Robert Bly in the forward to "Iron John" said. "We make the path by walking."
Antonio Machado also said, "You walk, there are no roads, only wind trails
on the sea."

"You can't skim through the Bodhisativo
and sleep well through the night." rcd

"I need an epexegesis audit of the brain, an addition of word or words to explain
the preceding sentence to myself." rcd

"In the 90's I suppose you'll kick-start your libido like a vintage Harley."
rcd

"Amy Dickinson's dog Carlo gestured toward an almond tree/ got collar jerked
back to a puissant prosody." rcd

Poetry notes/ a confessional:

Everything is fair game, open to us - reach doctoral levels of depravity or fly celestial heights of angels - cloyish, coy, absurd - we can exctracate truth from its slumbers, wallow in wealth of our gifts, or we can put all b.s. aside and write it, not as a compensatory escape that pretends to purge the scripturient burn within, but as a contribution to a world literature sorely needed at this time.

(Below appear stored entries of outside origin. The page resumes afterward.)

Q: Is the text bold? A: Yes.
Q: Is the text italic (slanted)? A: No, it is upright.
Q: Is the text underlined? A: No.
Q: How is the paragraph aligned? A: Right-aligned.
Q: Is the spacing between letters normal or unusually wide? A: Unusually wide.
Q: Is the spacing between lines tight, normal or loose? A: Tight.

Watch for poets who memorize (not performance poets) their favorite poems. They should take this time for more reading and far more writing.

Personally, as a 84-year-old poet, I must guard against literal-mindnessness (from years of 'loose' fiction writing). Guard against narrowness, loss of cerebral energy, comic energy, reinforce more breadth of reason, turn metaphor upside down, shake new magic in the bag, not just the professor's prosaic, Entrance, Signification and Revelatory Ending.

Life isn't that well packaged, either, except, perhaps, the entrado (I heard Octavio Paz champion 'the entrance' before he died in Mexico City. I could use more magnanimity, make poetry richer, stronger, more accessible to people of all walks of life (knowing all the time it's poets who read the most to each other because that's where their interest lies).

I must remember that narrative poetry, in particular, is crafted from sequence and consequence story lines, a reticulation of images, places, that shape their own beginnings and endings.

Like most poets I must thaw out the cynical, strive for a more radiant virtuosity, diversity, humanity, love of language. I must spice it with inventiveness, a fresh intellectual and emotional range - anything that works - double associations, triple internal rhythms, aesthetic complexities, because, after all, we live in a changing new world of images, ideas, and feelings. It takes a poetry to match.